Be healthy is more than saying “with a positive ingredient” (eg. With vitamin E) or “without a negative ingredient” (eg. Bisphenol A free).


Be sustainable is more than saying “Organic”, especially when ingredients or products have to be transported several thousand km in a heavy packaging.



In the same way, to be sustainable or environmentally responsible is more than say #recyclable or #biodegradable for a raw material used in packaging. In addition, it doesn’t mean that “#renewable” is automatically better than fossil. It depends!



The superficial communication we saw everywhere for everything begins to be ambiguous due to insincere display of concern by some stakeholders.
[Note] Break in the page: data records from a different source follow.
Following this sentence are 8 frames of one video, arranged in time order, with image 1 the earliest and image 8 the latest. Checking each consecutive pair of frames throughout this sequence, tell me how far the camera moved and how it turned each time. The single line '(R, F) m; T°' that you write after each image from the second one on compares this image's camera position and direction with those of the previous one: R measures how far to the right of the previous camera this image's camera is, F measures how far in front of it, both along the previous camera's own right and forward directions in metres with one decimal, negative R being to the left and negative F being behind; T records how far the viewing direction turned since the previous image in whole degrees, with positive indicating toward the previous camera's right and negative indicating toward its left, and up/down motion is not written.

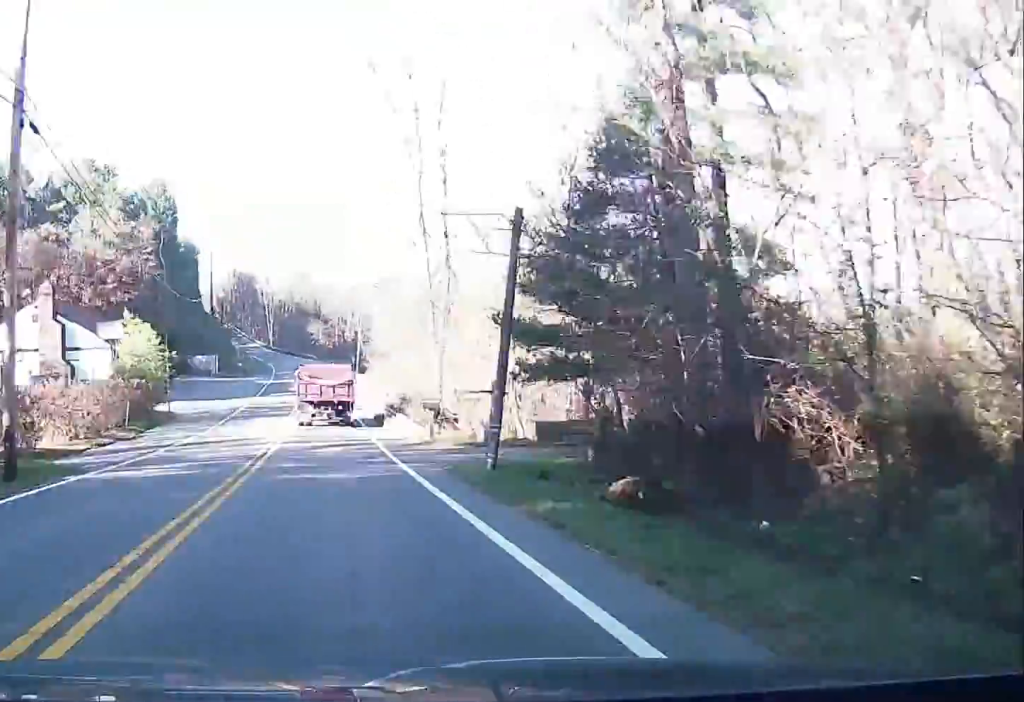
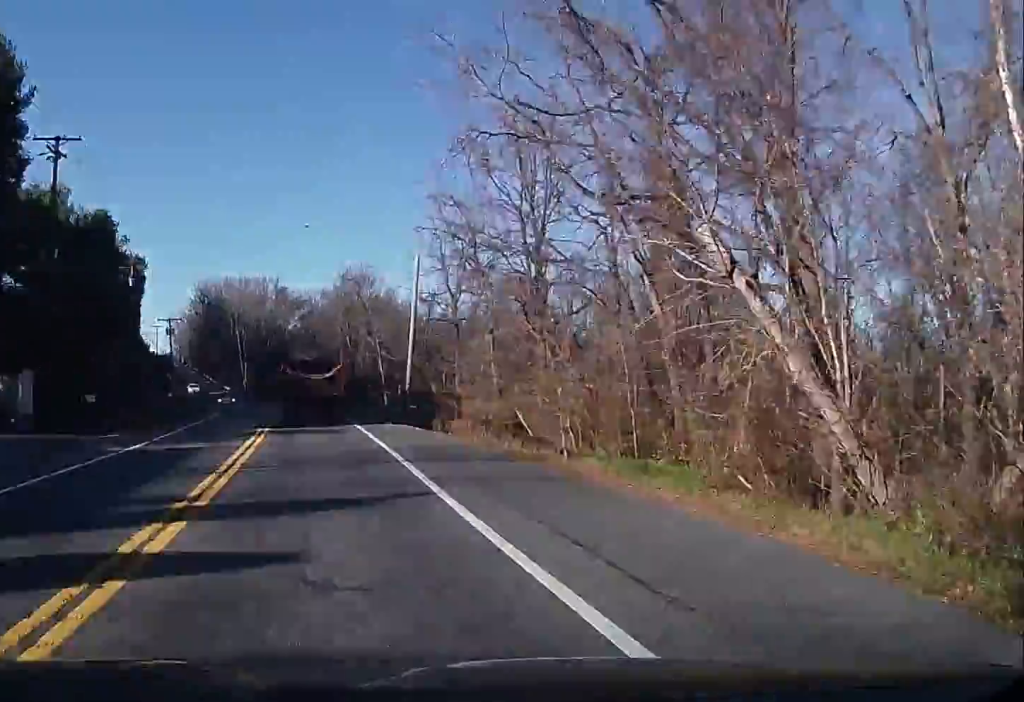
(+0.7, +57.1) m; -3°
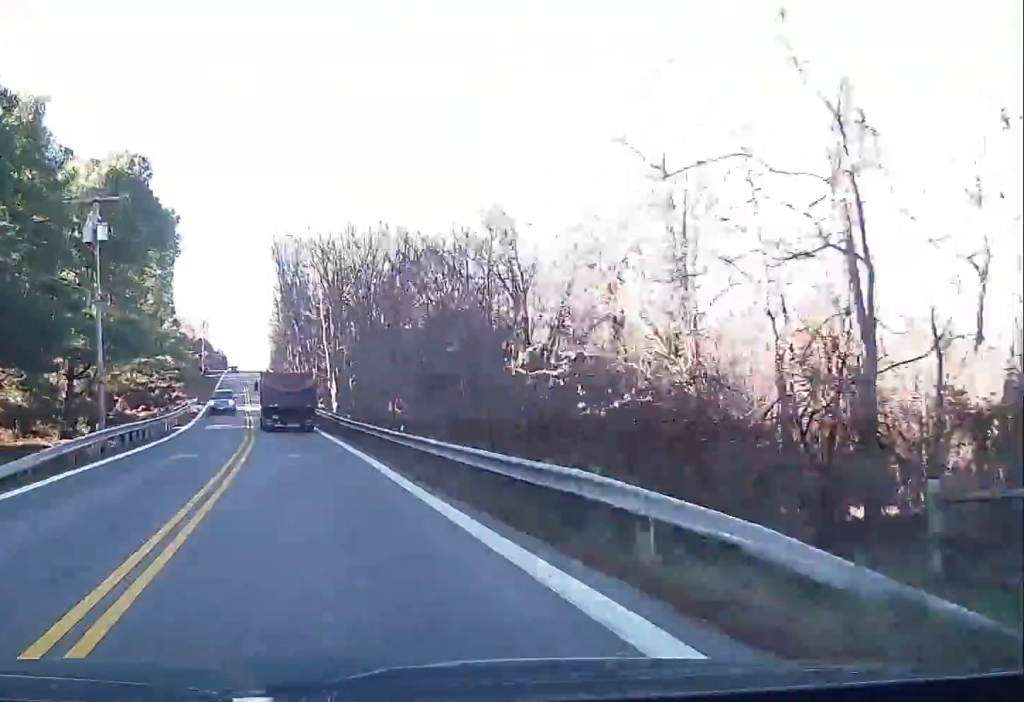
(-4.0, +70.9) m; -7°
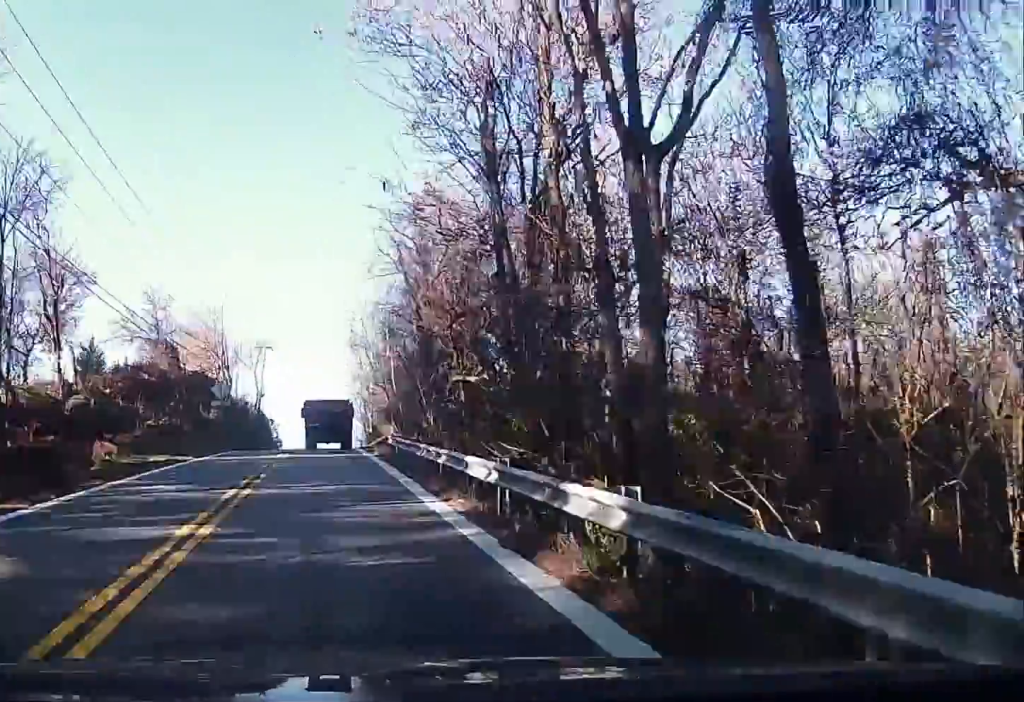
(-6.8, +122.2) m; -2°
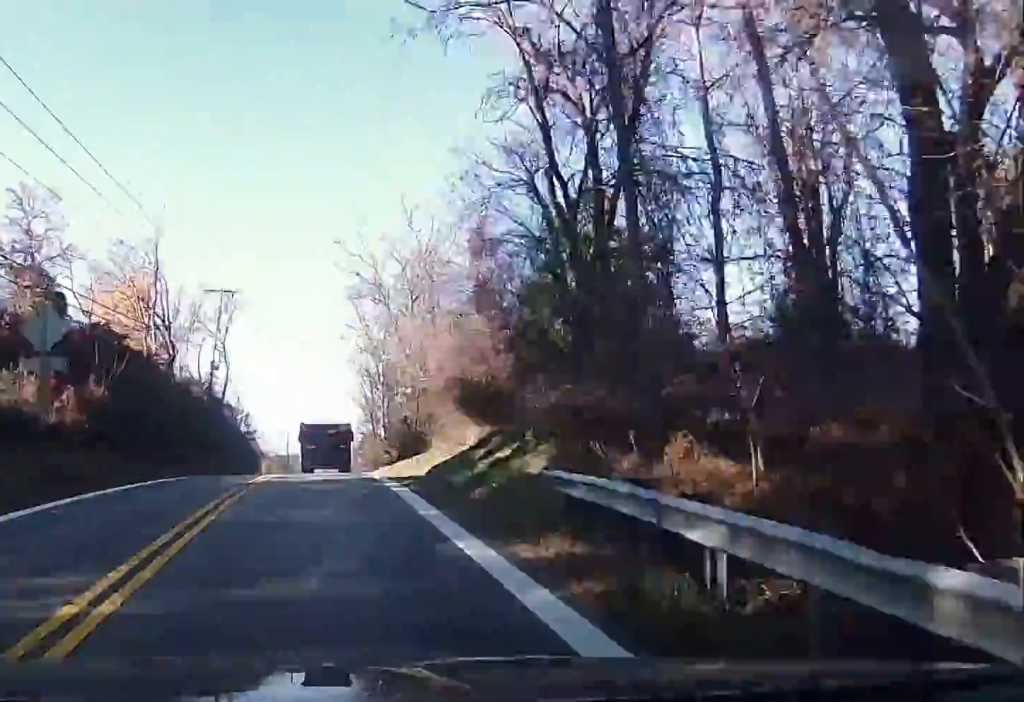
(+0.1, +34.4) m; +1°
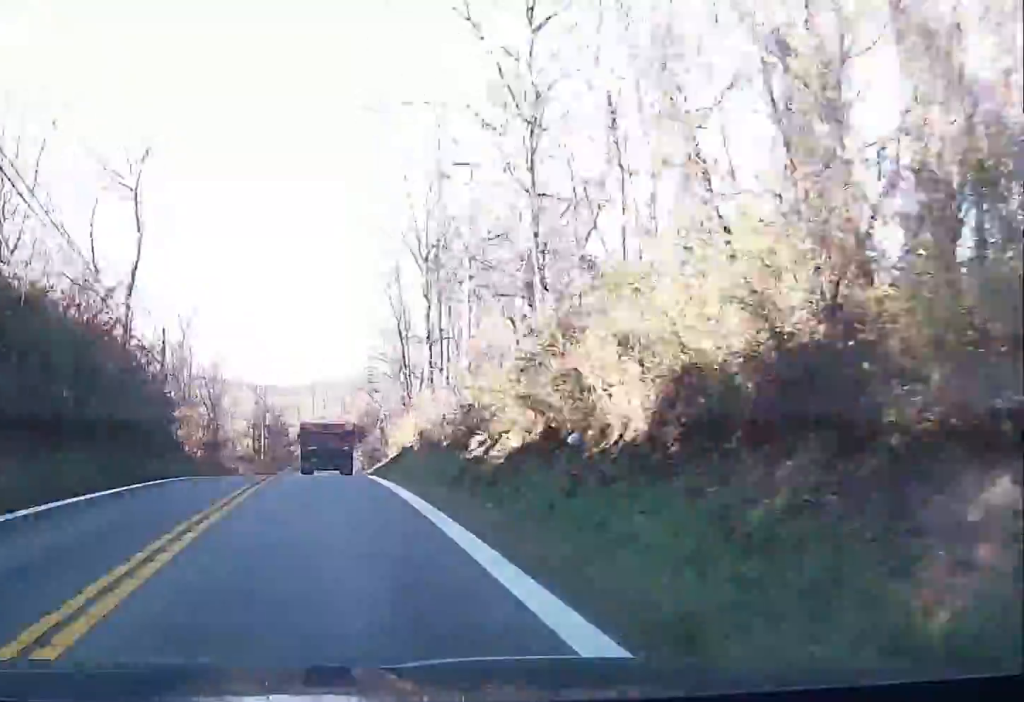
(+0.5, +44.5) m; +1°
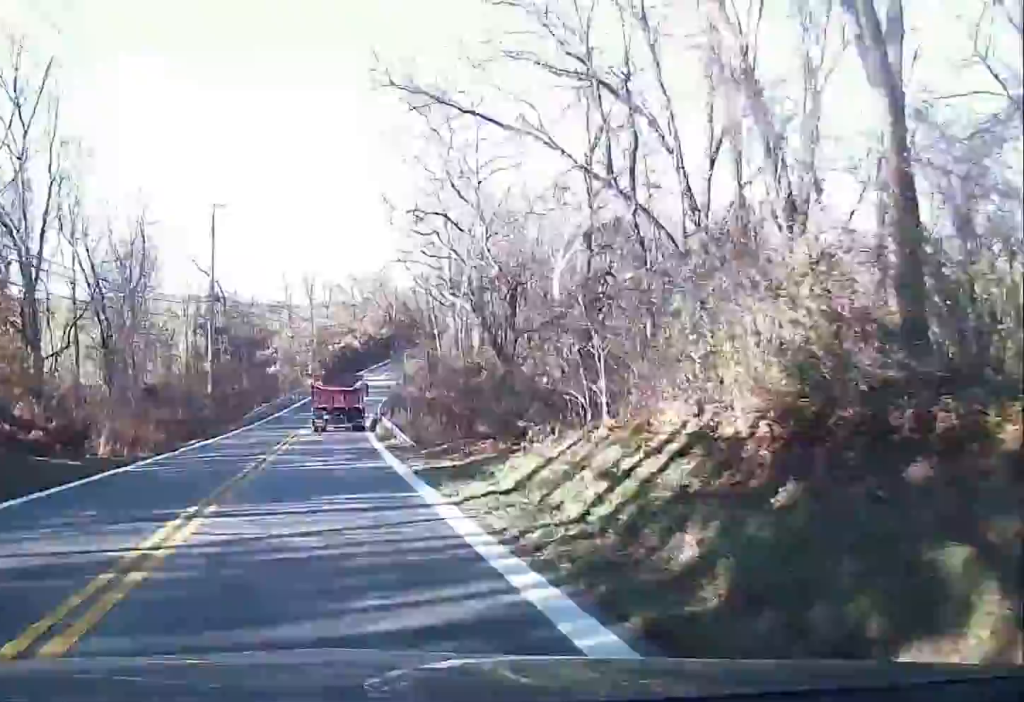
(+0.5, +49.5) m; +2°
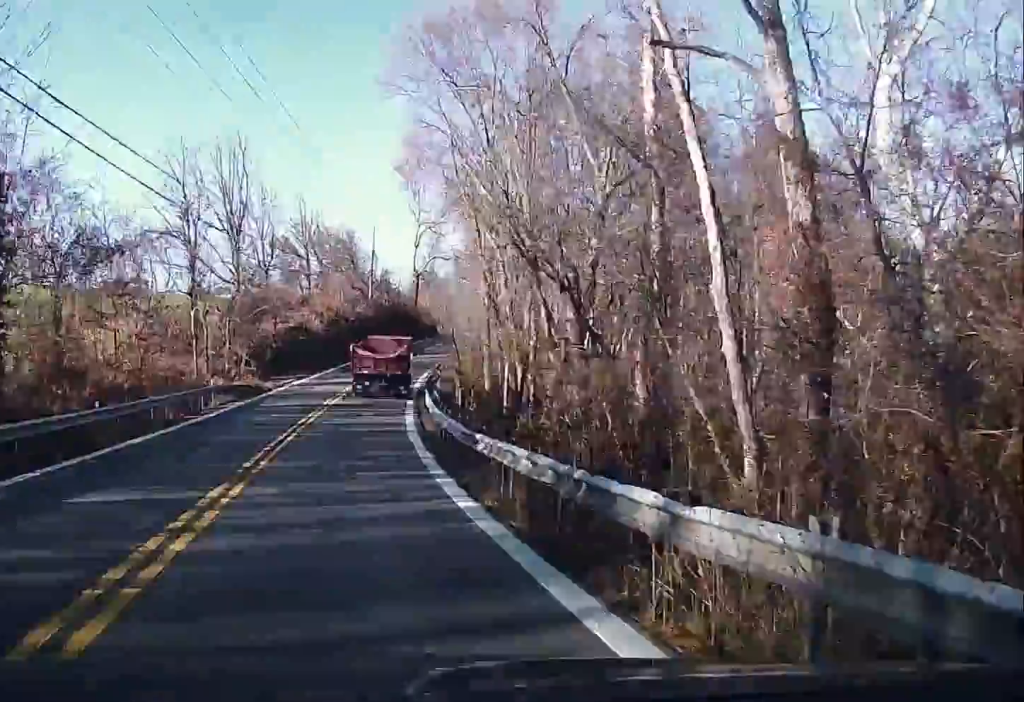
(-0.3, +49.5) m; +3°

We should stop these claims and be more rational. Why? Because, otherwise this approximative communication could lead green bashing and consumers being more reluctant regarding brand communication.

What should be done?

  • First of all, the product whole supply chain has to be analysed. Considering only one part as for ex. transport, or end-of-life could lead wrong decision.

  • Use of agricultural by-products or co-products have to be considered if not diverted from a current beneficial use (eg bagasse use for electricity production or for packaging)

  • Look at the replacement impact of one current material by another (eg replace plastic by paper) and its impact on the material consumption: tree-paper fibers and protection of the product. In many case, wasted a product is worst than a packaging waste in term of carbon footprint.

  • Design for reuse/refill when useful, remove always unnecessary packaging.

Waste mismanagement, over-engineered & unecessary packaging are the problem, not plastic. New recycling technologies are developing, having right packaging design is up to us.

Let’s be humanly sustainable and educate people with a credible communication – Packaging must be Safe for Humans & our Planet and Effective for the Product.
Explain why!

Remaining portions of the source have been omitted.